Другое дело, что они уж очень по-разному и не всегда под стать своему росту и масштабу оказали себя на разных изломах своей эпохи. Ох уж эти крупные личности, что-то стало с ними случаться, едва грянула первая оттепель, появился какой никакой выбор - теперь-то, казалось, явлено будет такое, что раньше было под спудом. И что же там оказалось, что было явлено? Так ли уж были они мудры и крупны? Или вдруг для чего-то приделали к своим жизням совсем другое продолжение, все равно что к туловищу одного человека голову другого. Среди тех, кто пришел клеймить провинившегося Пастернака в 1958-м, на этом позорном собрании в тогдашнем Доме кино на Воровского, имена людей, которых вот уж никак не должно было, не могло там быть, а ведь были же, а иные и выступали.
Учитель наш Илья Львович, Илья, как мы его называли за глаза, вождь конструктивистов, друг и оппонент Маяковского ("Маякоша, любимый враг мой!"), путешественник и воин, участник эпопеи "Челюскина" в начале 30-х и обороны Кавказа в 42-м,- тоже, увы, отметился в пастернаковской истории, и не то чтобы не посмел поднять голос против, но еще и напечатал стихи - и какие, и где: в "Огоньке" у Софронова! - с грозным обращением: "А вы, поэт, обласканный врагом!", с упоминаньем о "славе Герострата" - в общем, по полной программе, как сказали бы теперь. И это, заметьте, в 58-м, когда страхи, казалось бы, остались позади, прошел XX съезд, не сажали,- вот ведь где загадка!
"Пока не требует поэта к священной жертве Аполлон..." Увы, при всем своем даровании, при всей осанке кумир наш страдал - и это вспомнилось в те дни,- страдал по неполученной Сталинской премии, завидуя счастливчикам и баловням, которые, как Симонов или Михалков, навесили на грудь по полдесятку медалей. Что ему эти премии, а ведь как страдал! И до чего же ему всю жизнь не везло с властями.

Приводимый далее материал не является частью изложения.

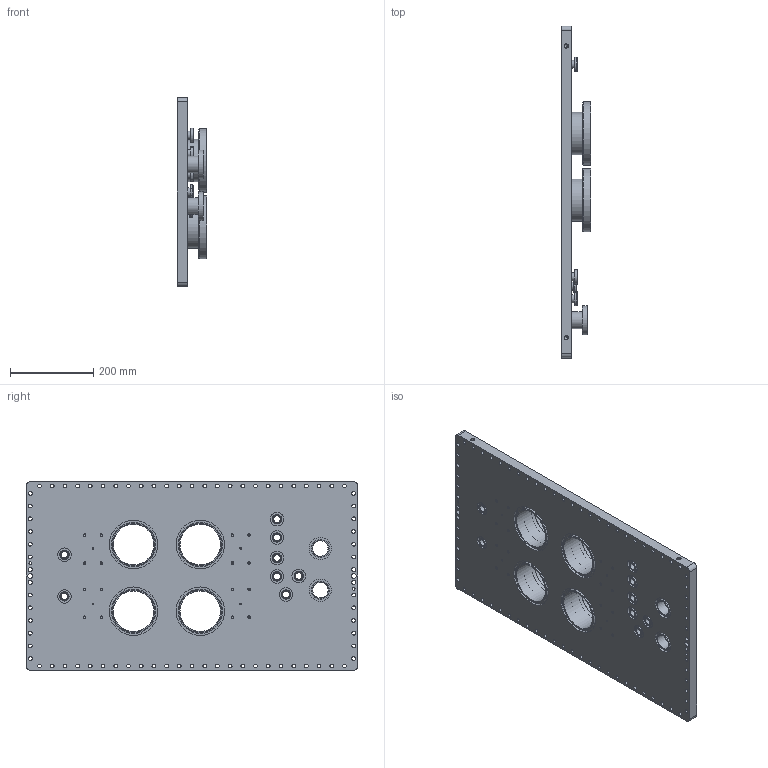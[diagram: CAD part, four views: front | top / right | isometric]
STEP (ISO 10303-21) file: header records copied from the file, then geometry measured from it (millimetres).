
FILE_DESCRIPTION(/* description */ (''),/* implementation_level */ '2;1');
FILE_NAME(/* name */ 'PAX-detector-flange.stp',/* time_stamp */ '2015-01-16T11:58:03+01:00',/* author */ (''),/* organization */ (''),/* preprocessor_version */ 'ST-DEVELOPER v15',/* originating_system */ 'SIEMENS PLM Software NX 9.0',/* authorisation */ '');
FILE_SCHEMA (('CONFIG_CONTROL_DESIGN'));
Length unit declared in the file: millimetre
Products named in the file (11): Tube_CF100; DN100CF_flange1; tube_De19_Di16; Flangia CF 16_2; CF16_feed_through_2; CF16_feed_through; CF40_feed-through; detector_flange; CF100-feedthrough; CF-16_FFED-THROUGH_SPECIAL; DETECTOR-FLANGE_ASB
Assembly tree (22 placements, depth 3):
  DETECTOR-FLANGE_ASB
    detector_flange
    CF40_feed-through  x2
    CF16_feed_through  x2
    CF16_feed_through_2  x2
    CF-16_FFED-THROUGH_SPECIAL  x4
      Flangia CF 16_2
      tube_De19_Di16
    CF100-feedthrough
      DN100CF_flange1  x4
      Tube_CF100  x4
Bounding box: 71.29 x 796 x 452 mm (x, y, z)
Volume: 8885824.1 mm3; surface area: 1265331.4 mm2
Topology: 23 solids, 23 shells, 508 faces, 1243 edges, 823 vertices
Faces by surface type: cylinder 340, plane 92, cone 76
Full cylindrical faces by diameter (mm): 4 x4, 4.4 x48, 5 x24, 6.6 x12, 6.647 x2, 8.4 x64, 8.5 x2, 9 x74, 10 x4, 12 x2, 15.75 x8, 16 x4, 19 x4, 19.05 x6, 19.25 x8, 19.5 x2, 22.25 x1, 22.55 x7, 32.55 x8, 33.8 x4, 34 x4, 37 x2, 40 x2, 40.4 x2, 43.4 x2, 53.4 x2, 69.3 x2, 97.4 x8, 101.6 x8, 102.2 x4
Entity records: 10423 total; most frequent: DIRECTION 1667, CARTESIAN_POINT 1348, ORIENTED_EDGE 970, FACE_BOUND 951, EDGE_LOOP 929, AXIS2_PLACEMENT_3D 825, VERTEX_POINT 506, EDGE_CURVE 485

В годы войны его патриотическое стихотворение "России", сильное и красивое до сих пор, попалось на глаза Сталину, кажется, в "Комсомолке" или "Известиях", и последовал грубый окрик в "Правде". Не понравилось, не подошло... Уже в году 50-м он вдруг придумал какой-то "социалистический романтизм" - уж, казалось бы, чего лучше,- и опять "не попал": теперь его одернул Фадеев, обвинив в ревизии основ... Потом он, видимо, опять захотел понравиться и на этот раз принес в жертву собственные ранее написанные стихи: открываешь последние сборники и диву даешься: все перекорежено - отредактировано, приглажено самим автором. Ты помнил наизусть: "Я мечтаю о дружбе изуверской,/ Потрясающей, как слово клятва". Теперь: "Я мечтаю о пламенной дружбе". И так на каждой странице! И беда еще в том,- мы когда-то говорили об этом с Борисом Слуцким, он был в комиссии по наследию,- что это как бы прижизненная редакция самого автора и, значит, так уже и останется навсегда.